Arthur Miller's All My Sons (right) is brought to life by the sturdy hands of Howard and Robyn Nevin, under the watchful eye of director Kip Williams. It's 20th-century drama stripped back to its bare bones, exploring the underbelly of the American dream, 4 June - 9 July, Roslyn Packer Theatre.
In a Sydney Theatre Company commission from 2014 Patrick White Fellow Angela Betzien comes The Hanging, starring Puberty Blues' Ashleigh Cummings (left). Three teenage girls studying Picnic At Hanging Rock disappear, and their Lemon and Luke Carroll attempt to figure out why. Directed by Goodes, Wharf 1 Theatre, 28 July - 10 September.

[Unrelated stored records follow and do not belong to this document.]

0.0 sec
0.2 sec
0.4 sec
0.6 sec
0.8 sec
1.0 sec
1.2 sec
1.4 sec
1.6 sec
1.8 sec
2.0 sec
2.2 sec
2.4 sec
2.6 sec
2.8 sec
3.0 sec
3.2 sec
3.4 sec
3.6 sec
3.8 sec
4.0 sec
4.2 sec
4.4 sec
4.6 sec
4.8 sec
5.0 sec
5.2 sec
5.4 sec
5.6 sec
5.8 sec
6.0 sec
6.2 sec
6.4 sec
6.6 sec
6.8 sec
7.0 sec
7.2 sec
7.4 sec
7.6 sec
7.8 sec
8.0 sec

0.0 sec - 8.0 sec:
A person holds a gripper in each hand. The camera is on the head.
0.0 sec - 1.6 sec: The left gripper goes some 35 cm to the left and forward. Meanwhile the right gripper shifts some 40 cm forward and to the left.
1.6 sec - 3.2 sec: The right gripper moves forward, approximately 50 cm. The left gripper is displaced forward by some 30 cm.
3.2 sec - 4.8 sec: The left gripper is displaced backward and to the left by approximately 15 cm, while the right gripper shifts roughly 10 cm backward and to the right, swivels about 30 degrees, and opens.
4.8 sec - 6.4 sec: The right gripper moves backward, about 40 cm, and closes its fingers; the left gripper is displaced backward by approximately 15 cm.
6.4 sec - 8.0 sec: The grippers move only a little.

Williams does something a little bit different with A Midsummer Night's Dream, with this production featuring a little bit of nudity as it explores sexual liberation and exploration for four young people. 12 September - 22 October, Drama Theatre, Sydney Opera House.
Power Plays is a collection of 20-minute plays from five female playwrights - some making their debut, others STC veterans - starring five actors, all under the theme of 'power'. The tasting plate is directed by Paige Rattray, Richard Wherett Fellow, 17 September - 15 October, Wharf 2 Theatre.

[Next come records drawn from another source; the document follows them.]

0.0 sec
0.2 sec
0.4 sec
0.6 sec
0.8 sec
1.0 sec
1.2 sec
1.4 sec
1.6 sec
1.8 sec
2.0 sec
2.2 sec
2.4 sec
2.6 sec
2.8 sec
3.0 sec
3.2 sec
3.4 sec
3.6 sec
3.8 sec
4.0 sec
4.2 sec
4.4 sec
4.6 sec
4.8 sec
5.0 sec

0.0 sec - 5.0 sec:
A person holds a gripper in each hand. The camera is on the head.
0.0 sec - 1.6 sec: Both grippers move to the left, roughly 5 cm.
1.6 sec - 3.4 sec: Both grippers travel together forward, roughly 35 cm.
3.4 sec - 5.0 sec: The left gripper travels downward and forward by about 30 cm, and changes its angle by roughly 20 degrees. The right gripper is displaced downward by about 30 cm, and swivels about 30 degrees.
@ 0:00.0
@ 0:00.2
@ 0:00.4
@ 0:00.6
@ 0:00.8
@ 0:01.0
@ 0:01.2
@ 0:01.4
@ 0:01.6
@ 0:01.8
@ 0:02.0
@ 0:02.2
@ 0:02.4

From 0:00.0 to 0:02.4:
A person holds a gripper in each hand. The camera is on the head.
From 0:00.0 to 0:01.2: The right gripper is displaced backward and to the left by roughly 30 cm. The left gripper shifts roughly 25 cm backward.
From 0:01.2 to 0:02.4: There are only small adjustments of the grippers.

A Flea In Her Ear is Upton's last adaptation as Artistic Director, following this year's standout The Present, taking Georges Feydeau and making it 'Uptonian', with help from director Simon Phillips, and a cast including Helen Christinson and David Woods, as a man with performance issues who has his fidelity tested. 31 October - 17 December, Drama Theatre, Sydney Opera House.
The last main-stage production is directed by Upton himself, Speed-The-Plow by David Mamet, 8 November - 10 December, Roslyn Packer Theare, and stars Byrne (right), returning to STC for the first time since 2001, and Lachy Hulme in a fast-paced satire about the cutthroat nature of Hollywood, and the tension between commercial and artistic interest.
The season also offers a family-friendly show written and directed by Declan Greene of Sisters Grimm and performed by The Listies, The Tragedy Of Hamlet: Prince Of Skidmark, A Badaptation Of The Bard, 16 June - 17 July, Wharf 1 Theatre; and the annual political send-up The Wharf Revue from Jonathan Biggins, Drew Forsythe and Phillip Scott, 19 October - 23 December, Wharf 1 Theatre.